* EXERCISE *
Set down exactly the lines from the first line of the records through the line that contains "The words here", and leave every picture out.

◇ ◇ ◇

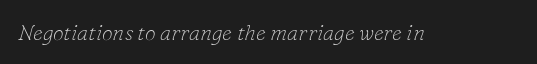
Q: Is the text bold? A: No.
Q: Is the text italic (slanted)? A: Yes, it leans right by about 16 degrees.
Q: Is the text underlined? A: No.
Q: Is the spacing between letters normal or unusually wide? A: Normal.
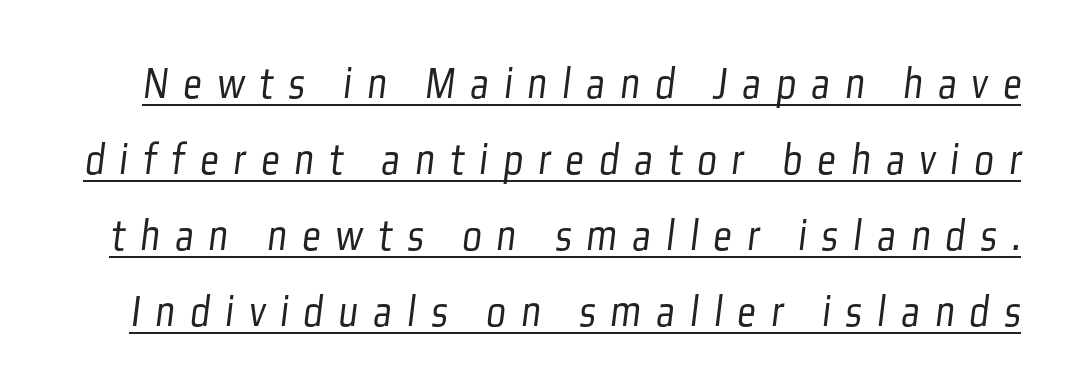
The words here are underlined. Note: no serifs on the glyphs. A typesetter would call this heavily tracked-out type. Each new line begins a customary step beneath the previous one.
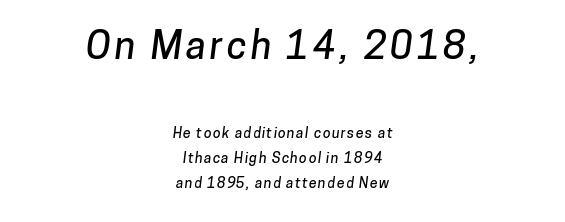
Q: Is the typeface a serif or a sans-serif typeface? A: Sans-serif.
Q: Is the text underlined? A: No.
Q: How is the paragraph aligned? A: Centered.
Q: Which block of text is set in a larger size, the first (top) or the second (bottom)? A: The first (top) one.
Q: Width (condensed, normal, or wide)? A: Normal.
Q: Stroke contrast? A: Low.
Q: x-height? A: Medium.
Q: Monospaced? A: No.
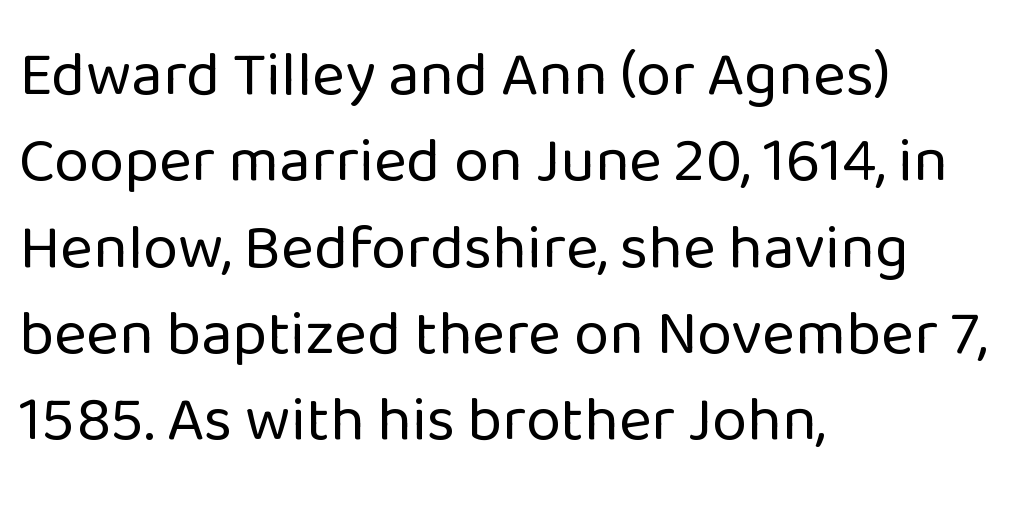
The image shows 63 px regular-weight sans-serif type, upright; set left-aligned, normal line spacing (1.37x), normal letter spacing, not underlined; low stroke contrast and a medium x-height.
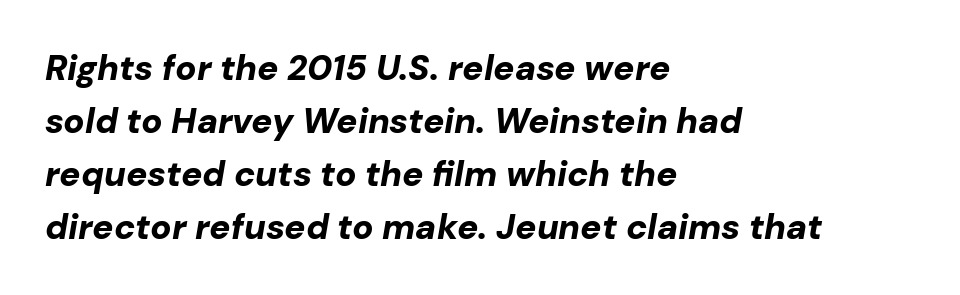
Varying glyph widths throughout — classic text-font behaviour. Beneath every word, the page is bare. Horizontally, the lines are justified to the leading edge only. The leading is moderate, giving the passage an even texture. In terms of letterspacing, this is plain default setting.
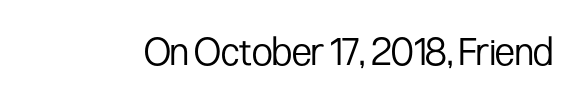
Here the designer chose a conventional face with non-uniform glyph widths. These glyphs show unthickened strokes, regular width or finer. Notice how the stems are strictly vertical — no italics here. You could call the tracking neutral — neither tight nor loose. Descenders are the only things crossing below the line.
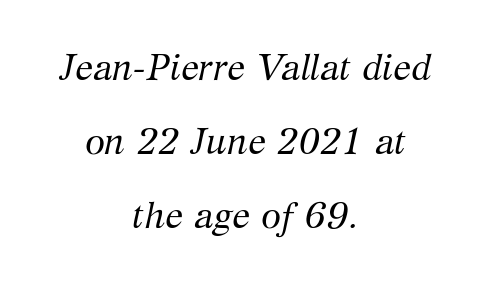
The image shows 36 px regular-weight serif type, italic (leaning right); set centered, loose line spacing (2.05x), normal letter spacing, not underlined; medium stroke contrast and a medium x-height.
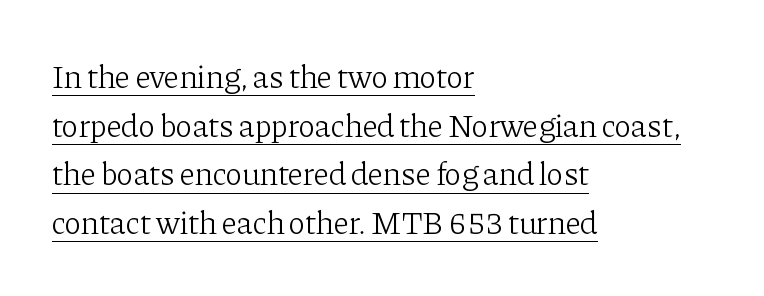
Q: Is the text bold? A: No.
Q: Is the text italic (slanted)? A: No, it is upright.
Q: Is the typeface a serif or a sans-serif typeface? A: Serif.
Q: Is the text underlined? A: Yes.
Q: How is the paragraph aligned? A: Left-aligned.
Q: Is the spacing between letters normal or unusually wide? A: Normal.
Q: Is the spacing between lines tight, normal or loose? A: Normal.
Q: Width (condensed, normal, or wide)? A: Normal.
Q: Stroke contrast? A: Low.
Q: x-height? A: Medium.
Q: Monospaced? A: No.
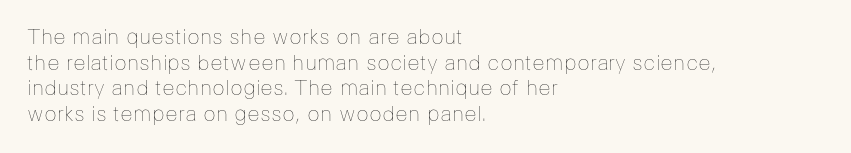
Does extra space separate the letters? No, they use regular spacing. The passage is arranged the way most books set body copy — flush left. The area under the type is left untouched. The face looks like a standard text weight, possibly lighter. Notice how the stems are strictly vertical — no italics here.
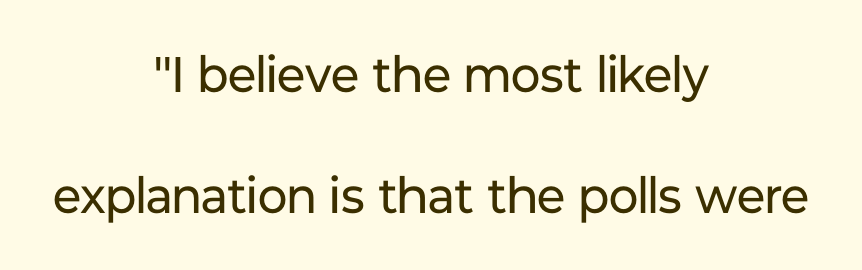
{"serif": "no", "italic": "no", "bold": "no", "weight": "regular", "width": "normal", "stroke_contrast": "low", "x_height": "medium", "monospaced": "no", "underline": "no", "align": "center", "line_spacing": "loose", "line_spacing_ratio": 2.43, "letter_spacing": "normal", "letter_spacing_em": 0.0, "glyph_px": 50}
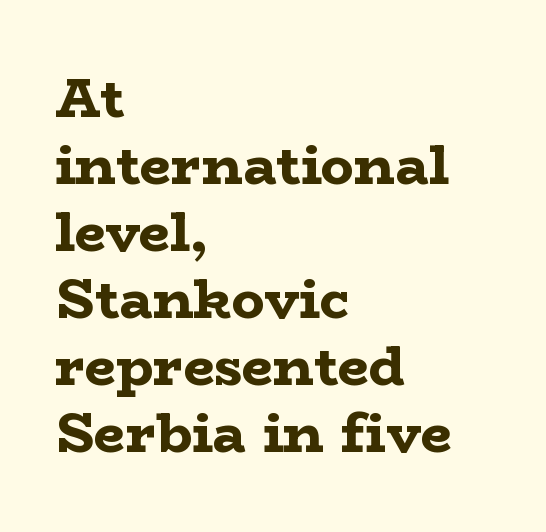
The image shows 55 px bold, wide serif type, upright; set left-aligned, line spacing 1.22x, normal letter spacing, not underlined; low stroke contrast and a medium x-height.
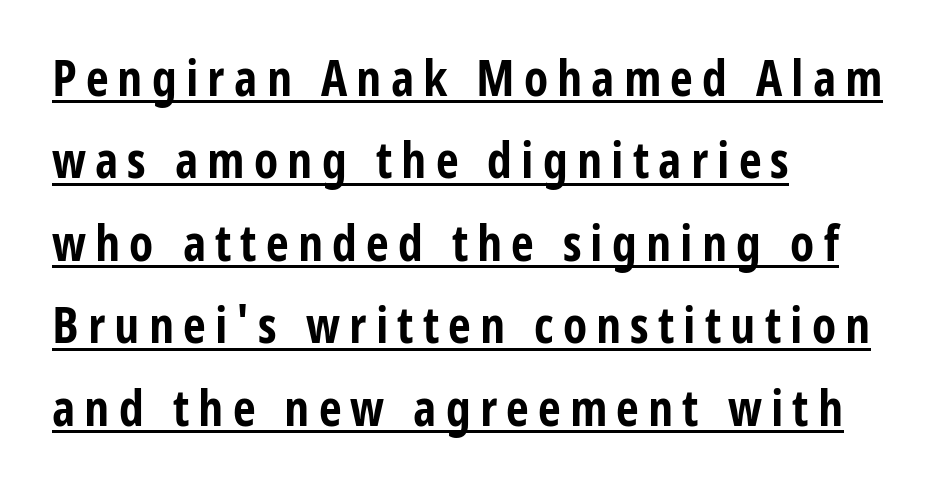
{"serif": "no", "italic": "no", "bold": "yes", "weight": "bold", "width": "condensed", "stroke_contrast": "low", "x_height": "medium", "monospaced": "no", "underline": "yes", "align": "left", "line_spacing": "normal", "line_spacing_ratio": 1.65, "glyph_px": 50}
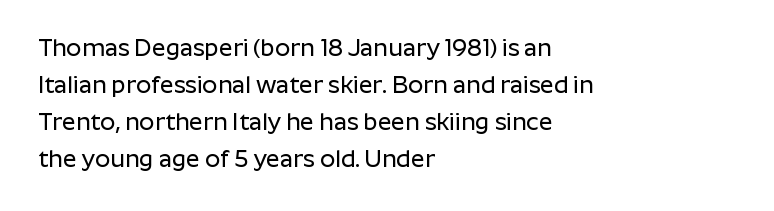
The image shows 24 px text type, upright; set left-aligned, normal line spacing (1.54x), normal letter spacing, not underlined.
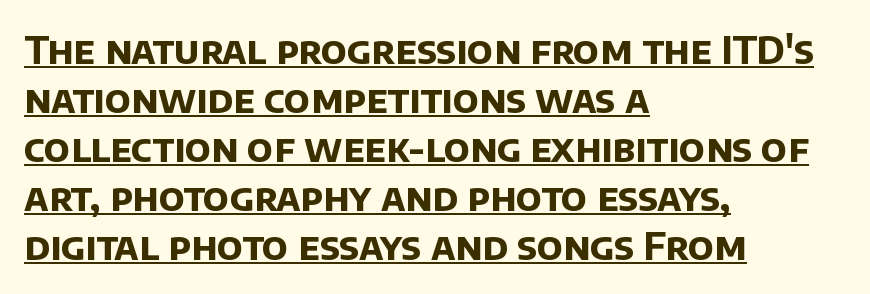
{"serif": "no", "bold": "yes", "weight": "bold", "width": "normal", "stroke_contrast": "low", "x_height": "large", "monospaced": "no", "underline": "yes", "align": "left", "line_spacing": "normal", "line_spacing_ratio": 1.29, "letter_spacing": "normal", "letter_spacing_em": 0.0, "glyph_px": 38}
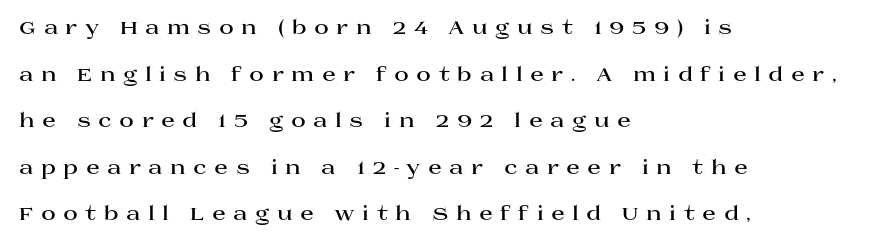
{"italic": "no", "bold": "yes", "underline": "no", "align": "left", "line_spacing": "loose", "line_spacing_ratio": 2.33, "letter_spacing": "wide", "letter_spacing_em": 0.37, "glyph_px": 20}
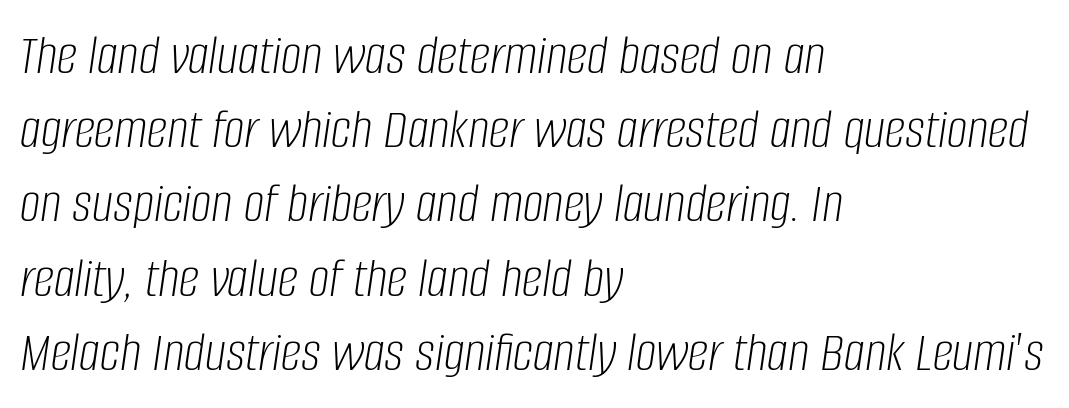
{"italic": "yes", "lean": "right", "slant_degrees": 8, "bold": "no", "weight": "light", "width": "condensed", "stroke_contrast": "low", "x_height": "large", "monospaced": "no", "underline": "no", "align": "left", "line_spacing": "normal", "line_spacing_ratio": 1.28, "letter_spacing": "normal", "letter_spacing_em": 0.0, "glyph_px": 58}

◇ ◇ ◇

* TASK RESULT *
Q: Is the text bold? A: No.
Q: Is the text italic (slanted)? A: Yes, it leans right by about 16 degrees.
Q: Is the text underlined? A: No.
Q: Is the spacing between letters normal or unusually wide? A: Normal.
The words here are underlined. Note: no serifs on the glyphs. A typesetter would call this heavily tracked-out type. Each new line begins a customary step beneath the previous one.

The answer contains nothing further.